Currently there are few evidence based treatments for Cannabis Use Disorder (CUD), and those that are available have limited efficacy [1]. Cannabis craving is a commonly described behavioral construct in CUD [2], and may have clinical relevance. An expanding evidence base suggests that repetitive transcranial magnetic stimulation (rTMS) applied to the dorsolateral prefrontal cortex (DLPFC) decreases craving across a variety of different substance use disorders and may have treatment efficacy [3]. We recently reported that it was both safe and feasible to deliver a single session of rTMS to non-treatment seeking participants with CUD [4]; however, to date, no trial has attempted to apply a multi-session course of rTMS to individuals with CUD interested in reducing use. We sought to determine the feasibility of delivering such a course in this population and to determine a preliminary effect size to inform future research. We did so by performing an open-label pilot safety and tolerability trial, applying 20-sessions of rTMS over two weeks to participants with CUD who were interested in reducing use. Participants were then followed for four-weeks to determine if there was a potential treatment effect. The protocol was approved by the Medical University of South Carolina’s institutional review board, and registered with clinicaltrials.gov (NCT03538288).
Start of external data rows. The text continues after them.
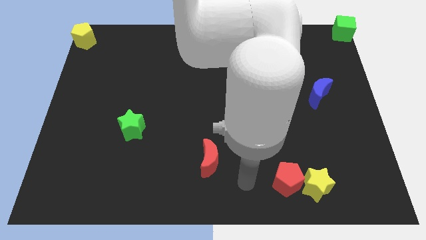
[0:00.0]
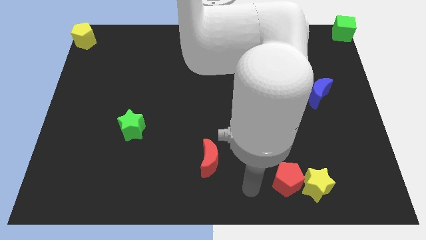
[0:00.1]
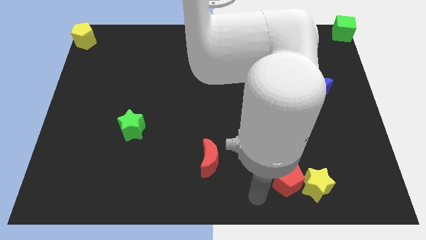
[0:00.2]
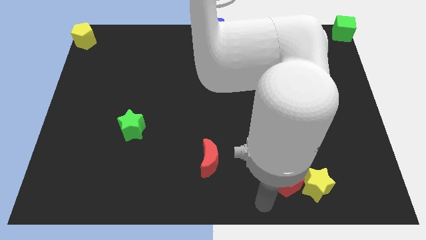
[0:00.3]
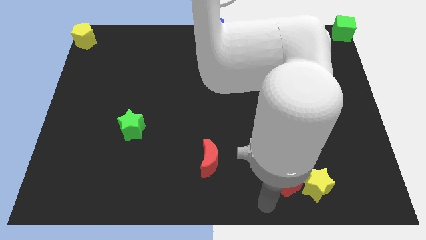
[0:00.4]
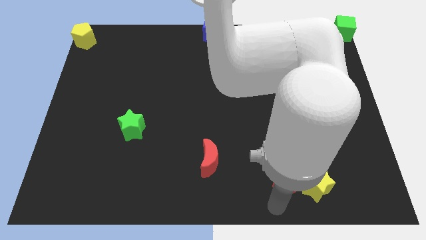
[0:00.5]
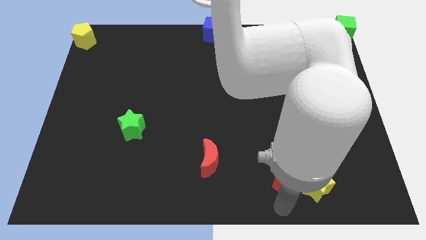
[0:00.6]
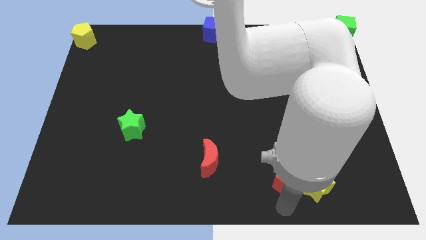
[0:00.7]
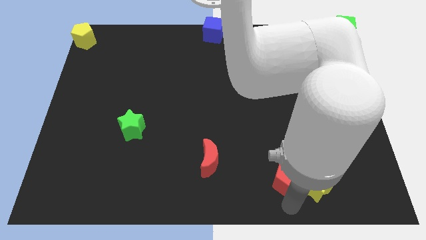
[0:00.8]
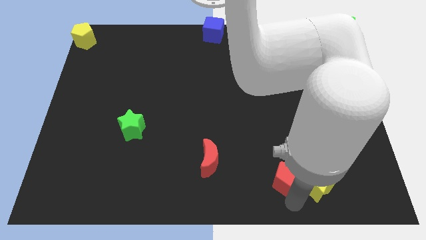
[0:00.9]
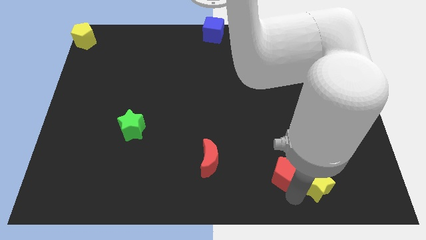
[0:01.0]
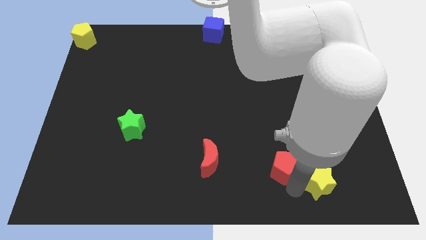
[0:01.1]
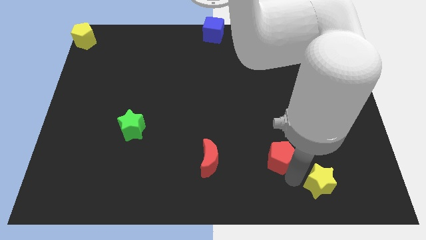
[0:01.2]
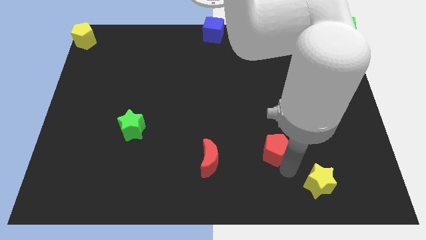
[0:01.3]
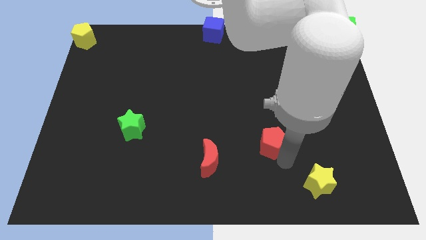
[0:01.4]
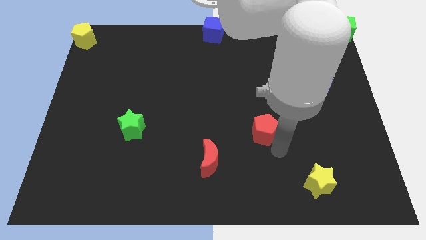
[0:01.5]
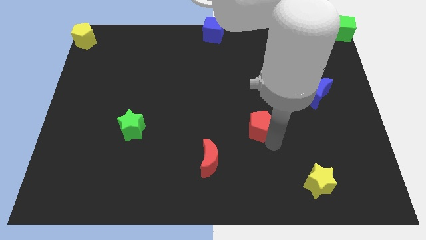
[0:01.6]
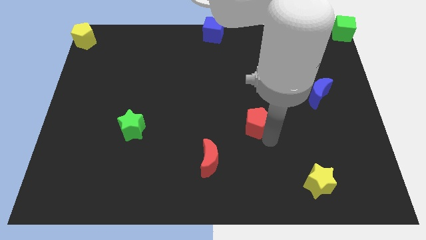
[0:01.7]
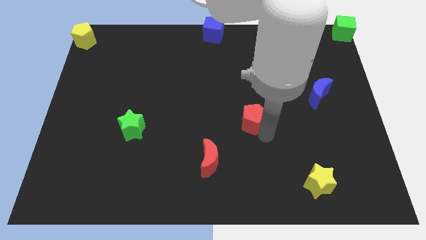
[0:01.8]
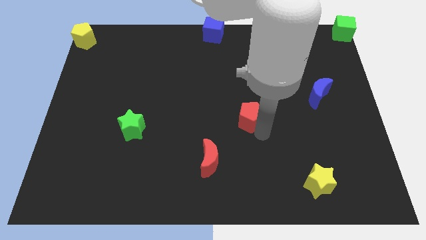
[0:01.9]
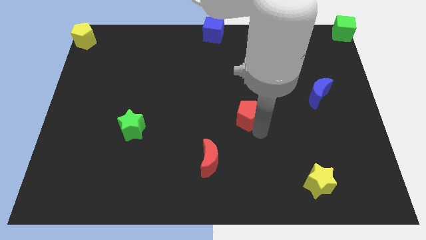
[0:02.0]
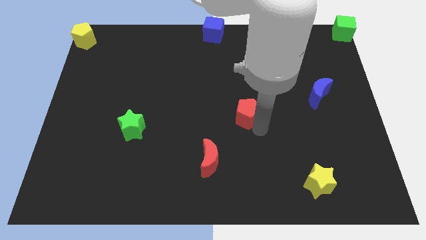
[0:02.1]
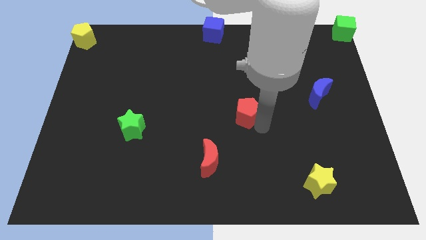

Participants were recruited from the community, and underwent a standardized evaluation [58]. Participants were included if they heavily used cannabis (>20 days/month), met DSM-5 criteria for ≥moderate CUD, had a desire to reduce use, and were aged 18−60. Participants were excluded if they were pregnant/breast-feeding; met ≥moderate use disorder of any other substance besides tobacco; required treatment for another psychiatric condition; were taking central nervous system active medications; or had any contraindications to receiving rTMS.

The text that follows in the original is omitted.